In a shocking expose on X, user @beaverd highlights Deloitte's staggering $800 million+ haul from Colorado government contracts since 2011, despite repeated failures in audits and system implementations. This nationwide plague of crony consulting is epitomized by figures like Kristin Russell, whose career ping-pongs between Big Tech, state government, and Deloitte—ensuring the swamp stays deep and taxpayers stay drained. It's time to slam the door on this wasteful revolving racket.
Let's face it: the government-consulting complex is one of the biggest scams fleecing American taxpayers today. A recent X post by @beaverd lays it bare, detailing how Deloitte has pocketed over $800 million from Colorado alone since 2011. And for what? Botched IT systems, failed audits, and endless "consulting" gigs that do little more than line the pockets of insiders while leaving citizens with glitchy services and ballooning deficits. This isn't incompetence—it's a feature of the system, designed to keep the money flowing to connected firms like Deloitte.

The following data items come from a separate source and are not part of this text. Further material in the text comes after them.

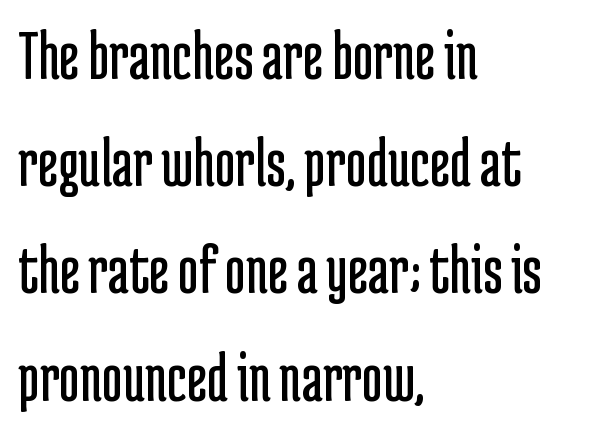
There is no visible air inserted between adjacent glyphs. Stem width sits at or under what a default text font uses. The area under the type is left untouched. The setting favours the left margin, as ordinary paragraphs usually do.
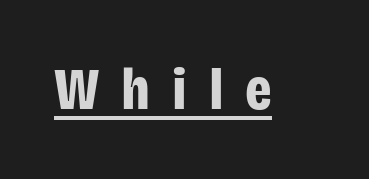
The image shows 59 px bold, condensed sans-serif type, upright; set unusually wide letter spacing (+0.37 em), underlined; low stroke contrast and a large x-height.
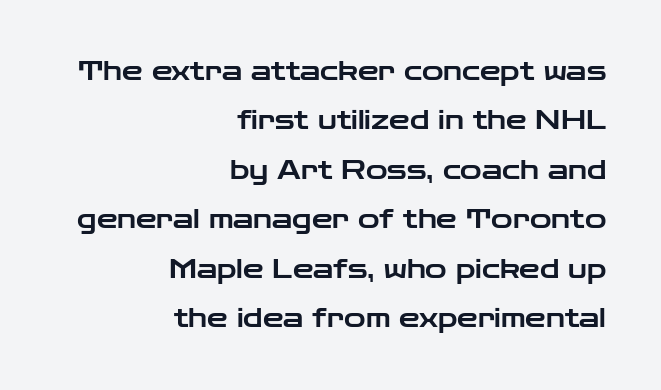
Q: Is the text italic (slanted)? A: No, it is upright.
Q: Is the text underlined? A: No.
Q: How is the paragraph aligned? A: Right-aligned.
Q: Is the spacing between letters normal or unusually wide? A: Normal.
Q: Is the spacing between lines tight, normal or loose? A: Loose.
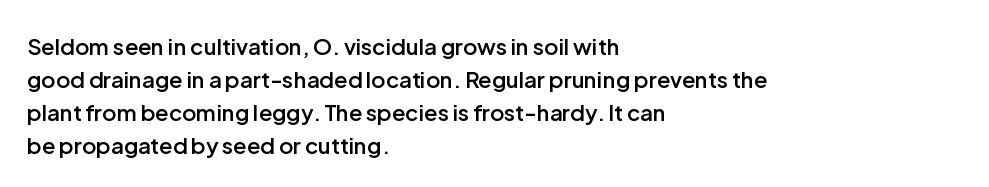
{"italic": "no", "bold": "semi", "underline": "no", "align": "left", "line_spacing": "normal", "line_spacing_ratio": 1.5, "letter_spacing": "normal", "letter_spacing_em": 0.0, "glyph_px": 22}
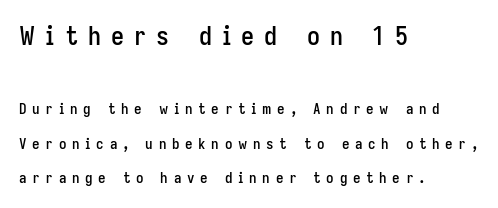
Ordinary non-slanted type is in use. Layout note: lines flush left. This sample trades compactness for vertical openness between lines. Honestly, there is no underline to notice here at all.
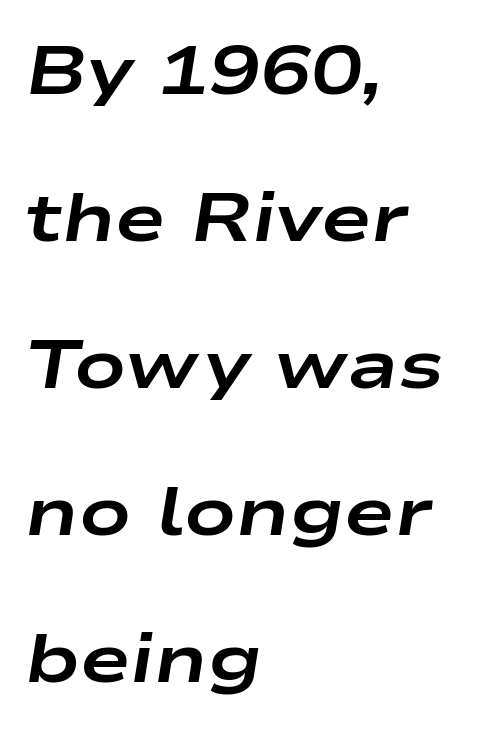
{"italic": "yes", "lean": "right", "slant_degrees": 9, "bold": "yes", "weight": "bold", "width": "wide", "stroke_contrast": "low", "x_height": "medium", "monospaced": "no", "underline": "no", "align": "left", "line_spacing": "loose", "line_spacing_ratio": 2.16, "letter_spacing": "normal", "letter_spacing_em": 0.0, "glyph_px": 68}
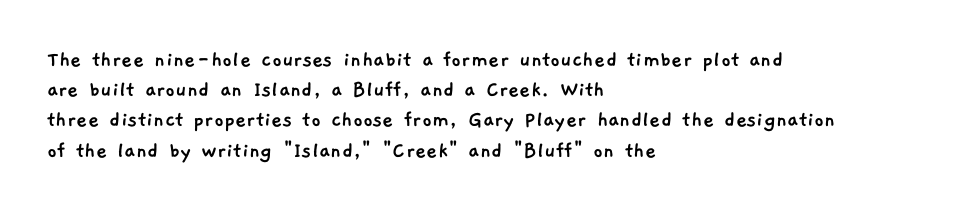
Each new line begins a customary step beneath the previous one. This rendering features lettering with no underline. This rendering uses left alignment, leaving the right contour irregular. How are the letters spaced? Ordinarily, with no added tracking.
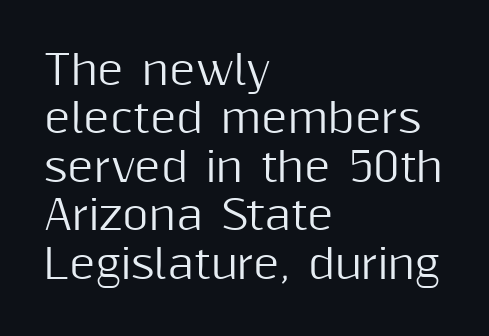
Q: Is the text italic (slanted)? A: No, it is upright.
Q: Is the typeface a serif or a sans-serif typeface? A: Sans-serif.
Q: Is the text underlined? A: No.
Q: How is the paragraph aligned? A: Left-aligned.
Q: Is the spacing between letters normal or unusually wide? A: Normal.
Q: Width (condensed, normal, or wide)? A: Normal.
Q: Stroke contrast? A: Medium.
Q: x-height? A: Medium.
Q: Monospaced? A: No.
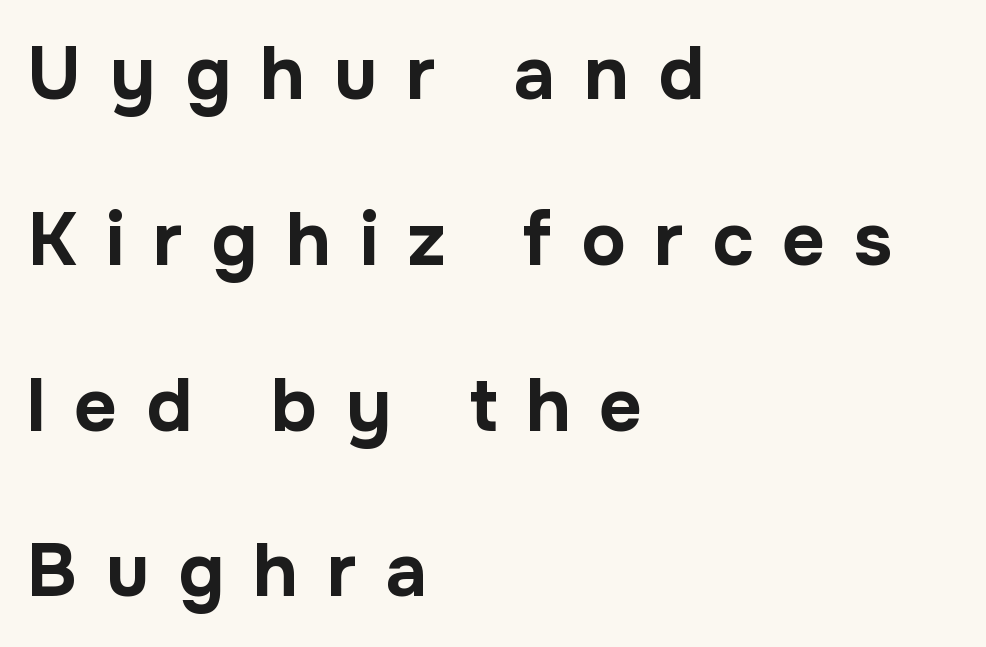
The image shows 74 px bold sans-serif type, upright; set left-aligned, loose line spacing (2.24x), unusually wide letter spacing (+0.39 em), not underlined; low stroke contrast and a medium x-height.
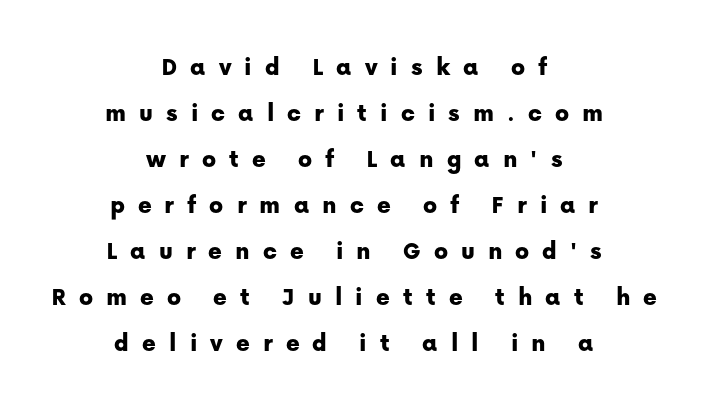
The string is rendered with underlining switched off. Leftover space on each line is divided equally before and after the words. Tracking value appears strongly positive — letters spread wide. The lettering stays uniformly vertical, giving the passage a roman look.
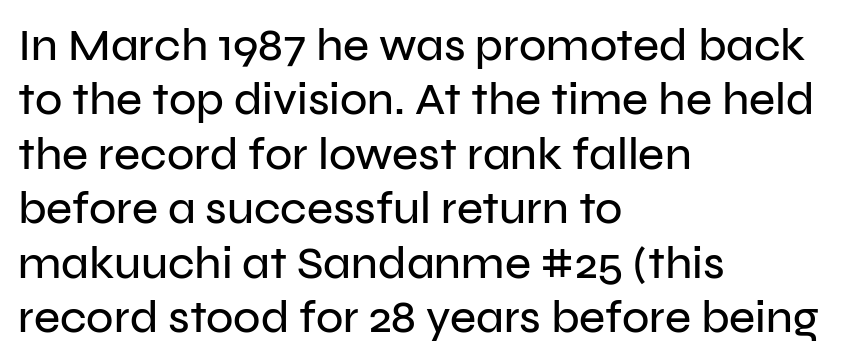
The image shows 45 px sans-serif type, upright; set left-aligned, line spacing 1.21x, normal letter spacing, not underlined; low stroke contrast and a medium x-height.
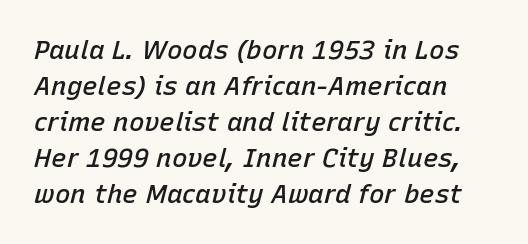
{"italic": "yes", "lean": "right", "slant_degrees": 15, "bold": "semi", "underline": "no", "align": "left", "line_spacing": "normal", "line_spacing_ratio": 1.38, "letter_spacing": "normal", "letter_spacing_em": 0.0, "glyph_px": 26}
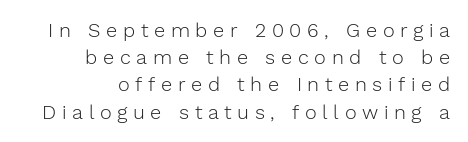
The rag falls on the left side of this text block. Posture: straight, roman, zero tilt. Weight class: somewhere from thin through regular. Between one letter and the next there's a generous, obvious gap. Whoever set this chose a conventional vertical rhythm. Nobody drew a line under any word here.
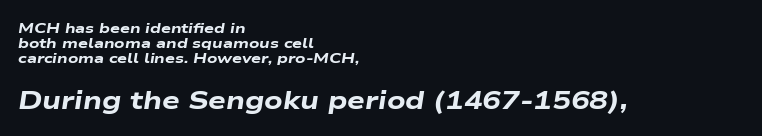
Slant detected: the letters are inclined. Notice how thick the strokes are: this is what a full bold looks like. The face used here is rendered with its standard letterfit. Closely set lines give the paragraph a compact silhouette. Which of the two is more prominent by size? The second, at the bottom.
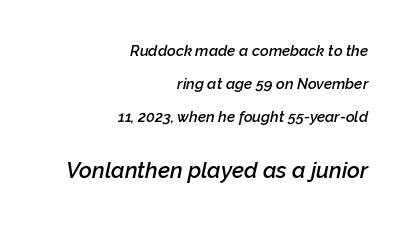
{"italic": "yes", "lean": "right", "slant_degrees": 12, "bold": "semi", "underline": "no", "align": "right", "line_spacing": "loose", "line_spacing_ratio": 2.19, "letter_spacing": "normal", "letter_spacing_em": 0.0, "larger_block": "second", "size_ratio": 1.47, "glyph_px": 22}
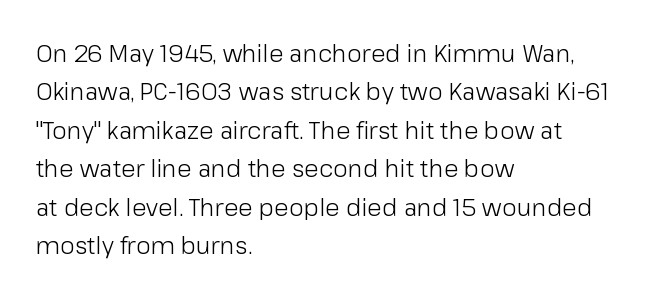
The image shows 24 px text type, upright; set left-aligned, normal line spacing (1.6x), normal letter spacing, not underlined.
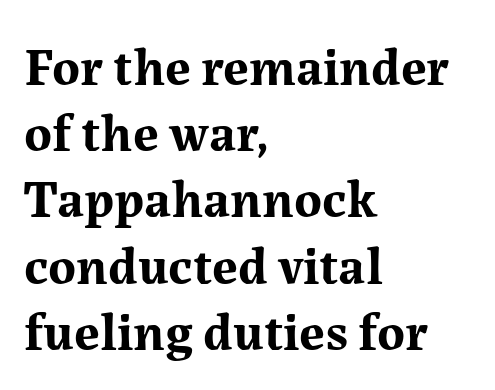
{"serif": "yes", "italic": "no", "bold": "yes", "weight": "bold", "width": "normal", "stroke_contrast": "medium", "x_height": "medium", "monospaced": "no", "underline": "no", "align": "left", "line_spacing": "normal", "line_spacing_ratio": 1.25, "letter_spacing": "normal", "letter_spacing_em": 0.0, "glyph_px": 53}
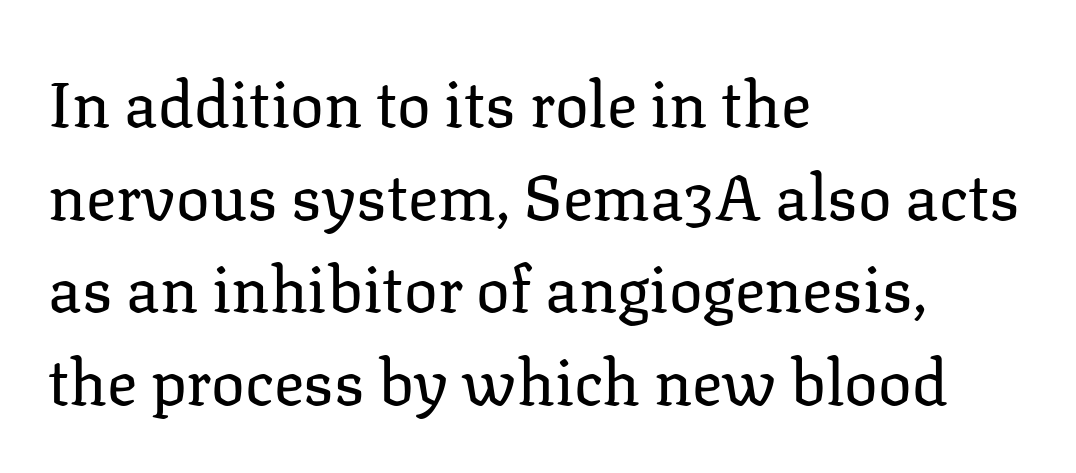
Q: Is the text bold? A: No.
Q: Is the text italic (slanted)? A: No, it is upright.
Q: Is the typeface a serif or a sans-serif typeface? A: Serif.
Q: Is the text underlined? A: No.
Q: How is the paragraph aligned? A: Left-aligned.
Q: Is the spacing between letters normal or unusually wide? A: Normal.
Q: Is the spacing between lines tight, normal or loose? A: Normal.
Q: Width (condensed, normal, or wide)? A: Normal.
Q: Stroke contrast? A: Low.
Q: x-height? A: Medium.
Q: Monospaced? A: No.
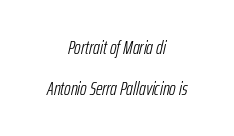
{"italic": "yes", "lean": "right", "slant_degrees": 12, "bold": "no", "underline": "no", "align": "center", "line_spacing": "loose", "line_spacing_ratio": 2.06, "letter_spacing": "normal", "letter_spacing_em": 0.0, "glyph_px": 20}
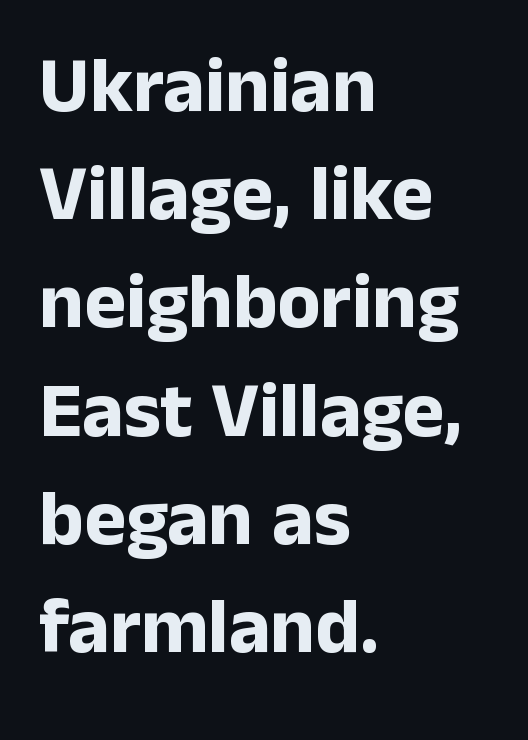
Here the designer chose a conventional face with non-uniform glyph widths. The characters display no serif detailing; their extremities are plain. Clear beneath every line of the passage. The face used here has the dense, thick strokes of a bold.
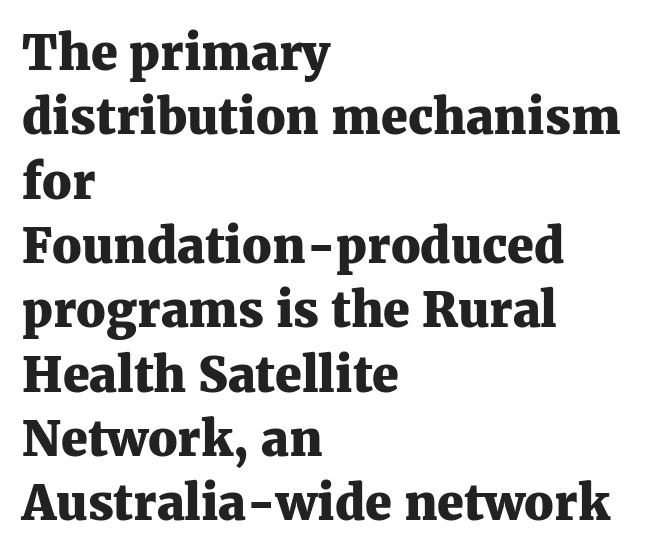
The image shows 48 px heavy serif type, upright; set left-aligned, normal line spacing (1.34x), normal letter spacing, not underlined; medium stroke contrast and a medium x-height.
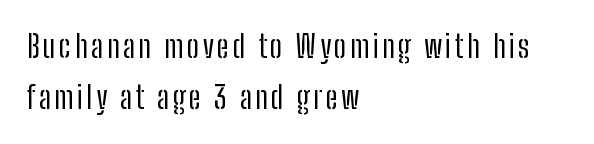
Vertical strokes here are truly vertical. Unlike a traditional serif, this face leaves its strokes unadorned. The strokes carry an ordinary text weight at most. Line starts are locked; line ends wander.
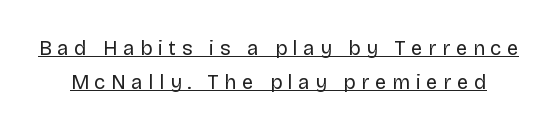
{"italic": "no", "bold": "no", "underline": "yes", "line_spacing": "normal", "line_spacing_ratio": 1.7, "letter_spacing": "wide", "letter_spacing_em": 0.29, "glyph_px": 20}
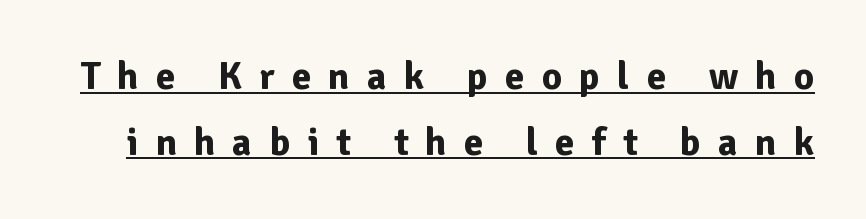
Q: Is the text bold? A: Yes.
Q: Is the text italic (slanted)? A: No, it is upright.
Q: Is the typeface a serif or a sans-serif typeface? A: Sans-serif.
Q: Is the text underlined? A: Yes.
Q: Is the spacing between letters normal or unusually wide? A: Unusually wide.
Q: Is the spacing between lines tight, normal or loose? A: Normal.
Q: Width (condensed, normal, or wide)? A: Normal.
Q: Stroke contrast? A: Low.
Q: x-height? A: Medium.
Q: Monospaced? A: No.
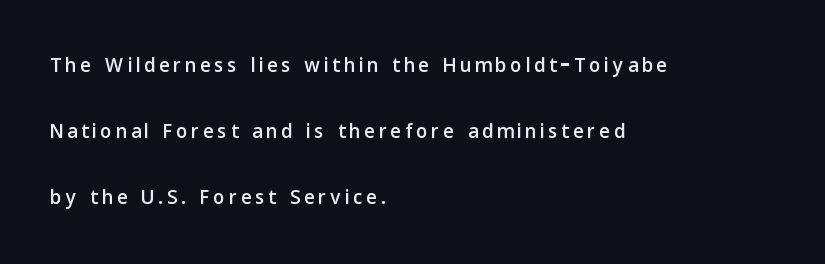
{"serif": "no", "italic": "no", "width": "normal", "stroke_contrast": "low", "x_height": "medium", "monospaced": "no", "underline": "no", "align": "left", "line_spacing": "loose", "line_spacing_ratio": 2.36, "glyph_px": 28}
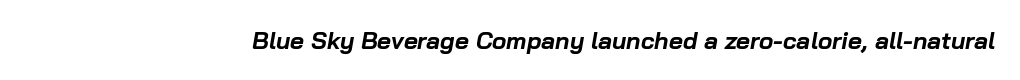
{"italic": "yes", "lean": "right", "slant_degrees": 10, "bold": "yes", "underline": "no", "letter_spacing": "normal", "letter_spacing_em": 0.0, "glyph_px": 24}
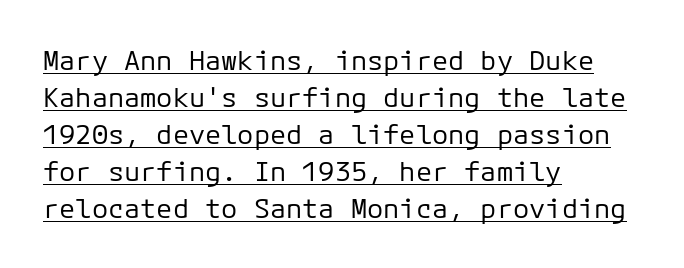
The image shows 27 px text type, upright; set left-aligned, normal line spacing (1.37x), normal letter spacing, underlined.
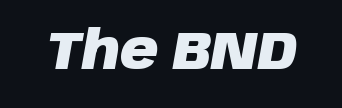
Do the characters align in a grid? No, the font is proportional. No word sits above an underline. Caption: bold face, heavy strokes. These lines keep a tight, regular rhythm from letter to letter. Observe the lean: these are italic letterforms.
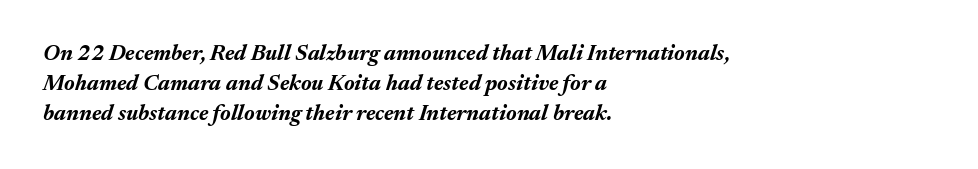
The image shows 22 px bold type, italic (leaning right); set left-aligned, normal line spacing (1.36x), normal letter spacing, not underlined.
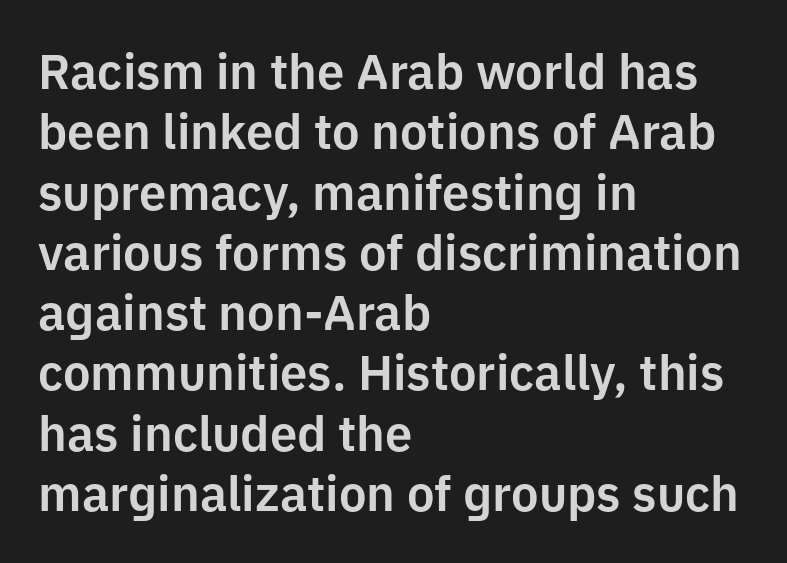
{"serif": "no", "italic": "no", "width": "normal", "stroke_contrast": "low", "x_height": "medium", "monospaced": "no", "underline": "no", "align": "left", "line_spacing_ratio": 1.23, "letter_spacing": "normal", "letter_spacing_em": 0.0, "glyph_px": 49}
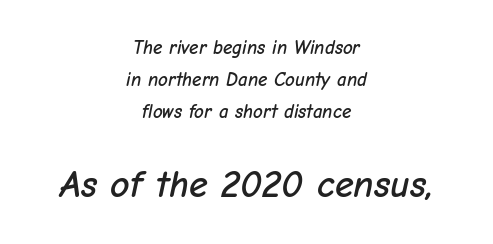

Take Kristin Russell as a prime example of how this revolving door operates. Her career trajectory reads like a blueprint for crony capitalism. Starting as a VP at Oracle before becoming Colorado's CIO in 2011, serving until around 2014, she jumped ship to head up the state's technology office as Secretary of Technology and Chief Information Officer. Appointed by Democrat Gov. John Hickenlooper, Russell oversaw IT strategies during a period when Colorado was ramping up contracts with big consultants. Then, in a move that's all too predictable, she slid right over to Deloitte in 2014 as Managing Director, leading their "digital government practice" for U.S. states, locals, and education sectors.
Coincidence? Hardly. At Deloitte, Russell leveraged her government experience to help the firm secure even more lucrative deals—deals that often involve the very states she once served. We're talking about pushing cloud tech, AI, and digital transformations that sound innovative but frequently result in overbudget projects and underperforming systems. Colorado's unemployment insurance debacle during COVID? Deloitte was front and center, with their outdated systems crashing under pressure, leaving hardworking Coloradans in the lurch while the firm cashed checks. Nationwide, Deloitte's track record is riddled with similar failures: Pentagon audits they couldn't pass, state systems that hemorrhage money, and all while billing taxpayers exorbitant rates for "expertise" that any competent in-house team could handle.
This isn't just a Colorado problem—it's a national epidemic. The left loves to talk about "public-private partnerships," but what they really mean is funneling your hard-earned dollars to globalist firms like Deloitte (headquartered in London, no less) through no-bid contracts and insider networks. Russell's path—from Oracle's corporate suites to Colorado's capitol, then straight to Deloitte—illustrates how these elites game the system. They regulate and award contracts in government, then cash in on the private side. It's cronyism at its finest, eroding free markets and bloating bureaucracy.
Conservatives have been sounding the alarm on this for years. We need real reform: ban the revolving door with strict cooling-off periods, mandate competitive bidding, and slash reliance on consultants altogether. Why outsource to Deloitte when AI could replace 99% of these overpaid gigs, as commenters on the X post rightly point out? Empower states to build their own efficient systems, cut the fat from budgets, and hold failures accountable—not reward them with more contracts.
If we don't drain this swamp, it'll keep swallowing billions while delivering nothing but excuses. Kudos to @beaverd for shining a light—now let's demand action from leaders who put America first, not consultants' bottom lines. Taxpayers deserve better than this endless grift.